New insights into transcriptional regulation by H-NS

Abstract

H-NS, a nucleoid-associated DNA-binding protein of enteric bacteria, was discovered 35 years ago and subsequently found to exert widespread and highly pleiotropic effects on gene regulation. H-NS binds to high-affinity sites and spreads along adjacent AT-rich DNA to silence transcription. Preferential binding to sequences with higher AT-content than the resident genome allows H-NS to repress the expression of foreign DNA in a process known as 'xenogeneic silencing.' Counter-silencing by a variety of mechanisms facilitates the evolutionary acquisition of horizontally transferred genes and their integration into pre-existing regulatory networks. This review will highlight recent insights into the mechanism and biological importance of H-NS-DNA interactions.
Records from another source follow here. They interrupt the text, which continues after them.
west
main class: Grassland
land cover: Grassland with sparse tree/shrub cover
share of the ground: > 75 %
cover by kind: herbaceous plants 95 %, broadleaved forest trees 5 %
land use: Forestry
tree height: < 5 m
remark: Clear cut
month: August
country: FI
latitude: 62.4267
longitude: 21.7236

Figure 1. Logo representation of the high-affinity H-NS binding motif

Figure 2. Sequence alignment of the four E.coli H-NS like proteins cited in the text

Structural modularity is evident in this family of gene-regulating proteins. For clarity, sequences have been aligned with the known structures of E. coli H-NS amino- and carboxyl-terminal domains. Models are based on RMN studies of the N- terminal dimer (a) coiled coil interaction and the C-terminal (b) domains of H-NS [3]. A schematic representation of the domain organization of H-NS (c) is aligned with the primary sequence of H-NS, StpA, Hha and Ler. The N-terminal domain contains three alpha helices (α1, α2 and α3). A linker region separating the N and C termini consists of two β strands intercalated between loops 1 and 1′ and loops 1′ and 2 terminating in an α helix and a 3₁₀ α helix that form a nucleic acid binding domain.

Figure 3. Mechanisms of Counter-silencing

Potential mechanisms of counter-silencing include: (A) disruption of H-NS complexes by multimerization antagonists such as H-NST; (B) competition for DNA binding by a high-affinity sequence specific DNA binding protein such as ToxT or RovA; (C) activation of certain promoters such as the E. coli hdeAB promoter by the alternative sigma factor σ^s; (D) changes in promoter geometry due to protein binding or environmental changes that disrupt H-NS complex formation such as may occur at the virF promoter in Shigella. These mechanisms are not mutually exclusive, and it is possible that more than one mechanism may be operating at any given promoter. Reproduced with permission from (38).